§ Directions
Your copy should hold exactly the lines from the beginning of the listing below through the line with "མེད༴ རྒྱངཔའབོད། གཟུངསཔསྔགསཔབཅསཔམིངཔབྱངཔབསྲེག།བཟངཔསྤྱོད།", without any pictures.

§ Recorded data
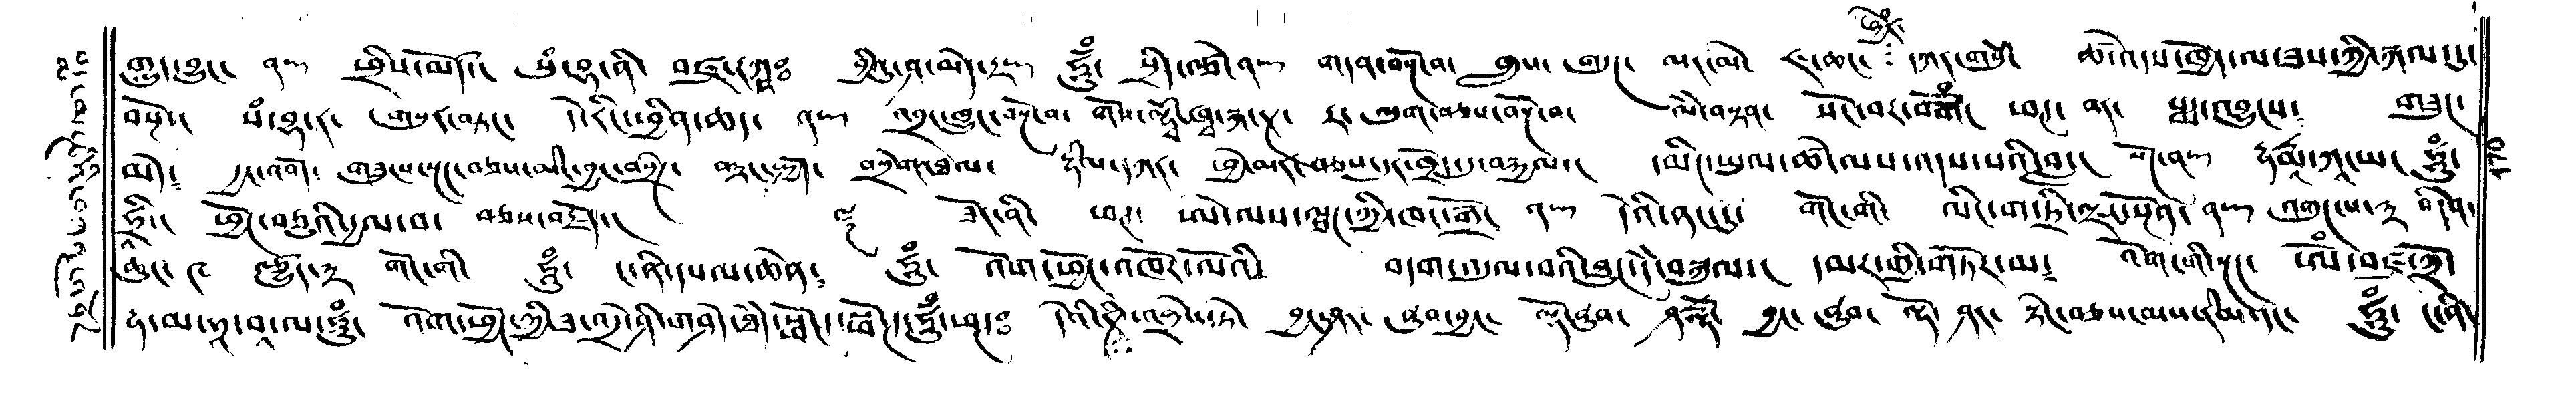གླུདཔབྱུང༴ ནས། ཕྲིནཔལསཔམཛོད། སུཾཔབྷཔནིཿ བཛྲཔརཀྵ བྱིའུཔཤཔམེདཔརྟས། ཧཱུྃ། སྲིདཔརྩེ༴ ནས། གདནཔབསྔོཔབ། ཁྲུས། གདུགས། མརཔམེ། ཇཔཆངཔ། ཕྱེཔམར། དཀརཔགསུམ། ཚེཔའདསཔཁྱོདཔལཔཟསཔཀྱིཔསྐལཔདུ་
བསྔོ། སཾཔབྷཔར༴ གསུརཔགཏངཔ། དེཔརིངཔཕྱིནཔཆད༴ ནས། འབྲངཔཁྱུངཔབསྔོཔབ། གོསཔལྷྭམཔཞྭཔསྐཔརགས། རྟ། ལུགཔབཅསཔབསྔོཔབ། ལམཔབསྟན། སོངཔབརཔབསྒོམ། ཕཊཿ བར། ་དྨཔའབྱུངཔགནས༴ གཟུགས་
མེད༴ རྒྱངཔའབོད། གཟུངསཔསྔགསཔབཅསཔམིངཔབྱངཔབསྲེག།བཟངཔསྤྱོད། སྲེགཔཐལ། རྡེལཔདཀར། ཕྱེཔམརཔབཅསཔདུརཔཁྲོདཔདུཔབ ལ། དམིགསཔཡུལཔཚེཔལསཔའདསཔ་འིཔབླ༴ སོགསཔནས། དྷརྨཱཔཀཱཔཡ༴ ཧཱུྃ་
ཧྲཱིཿ ཕྱོགསཔབཅུའིཔརྒྱལཔབ༴ བཅསཔབརྗོད། ༈ ཟོརཔནི། ཕཊཿ ཨེཔལསཔལྕགསཔཀྱིཔཁངཔསྒྲོམ༴ ནས། དེའིཔནངཔདུ། གོངཔགི ལིངཔགཔཏྲིཔལྗངཔསྔོན༴ ནས། འགུགསཔ་པགསུམ། བདེན་
ཆུང་དགུ། རྩ་རྒྱུད་ ། གོང་གི ཧཱུྃ། ང་ནིཔད་ལཔཆེན༴ ཧཱུྃ། འོག་ཕྱོགས་འཁོར་ལོའི༴ བདག་འདུལ་བའི་ཐུགས་པད་མ་བསྐུལ། དམར་གྱི་གཏོར་མ༴ འོག་གི་སྔགས། ཨོཾ་བཛྲ་ཀྲོ་དྷ་
མཧཱ་བཱ་ལཧཱུྃ། འོག་ཕྱོགས་ཀྱི་ཟམའདྲེམཤིམགཤེདམཐམསམཅདམསྥོཊ་སྥོཊ་ཧཱུྃ་ཕཊཿ དེས་རིགས་འགྲེས་ཏེ། བྱང་ཤར། ནུབ་བྱངཔ། ཤརཔལྷོ། བྱངཔཤར། ནུབ། ལྷོ། ཤར། སྟེངཔབཅསཔམསཔརིམཔདངཔ། ཧཱུྃ། ངཔནིཔ

§ Response box
གླུདཔབྱུང༴ ནས། ཕྲིནཔལསཔམཛོད། སུཾཔབྷཔནིཿ བཛྲཔརཀྵ བྱིའུཔཤཔམེདཔརྟས། ཧཱུྃ། སྲིདཔརྩེ༴ ནས། གདནཔབསྔོཔབ། ཁྲུས། གདུགས། མརཔམེ། ཇཔཆངཔ། ཕྱེཔམར། དཀརཔགསུམ། ཚེཔའདསཔཁྱོདཔལཔཟསཔཀྱིཔསྐལཔདུ་
བསྔོ། སཾཔབྷཔར༴ གསུརཔགཏངཔ། དེཔརིངཔཕྱིནཔཆད༴ ནས། འབྲངཔཁྱུངཔབསྔོཔབ། གོསཔལྷྭམཔཞྭཔསྐཔརགས། རྟ། ལུགཔབཅསཔབསྔོཔབ། ལམཔབསྟན། སོངཔབརཔབསྒོམ། ཕཊཿ བར། ་དྨཔའབྱུངཔགནས༴ གཟུགས་
མེད༴ རྒྱངཔའབོད། གཟུངསཔསྔགསཔབཅསཔམིངཔབྱངཔབསྲེག།བཟངཔསྤྱོད། སྲེགཔཐལ། རྡེལཔདཀར། ཕྱེཔམརཔབཅསཔདུརཔཁྲོདཔདུཔབ ལ། དམིགསཔཡུལཔཚེཔལསཔའདསཔ་འིཔབླ༴ སོགསཔནས། དྷརྨཱཔཀཱཔཡ༴ ཧཱུྃ་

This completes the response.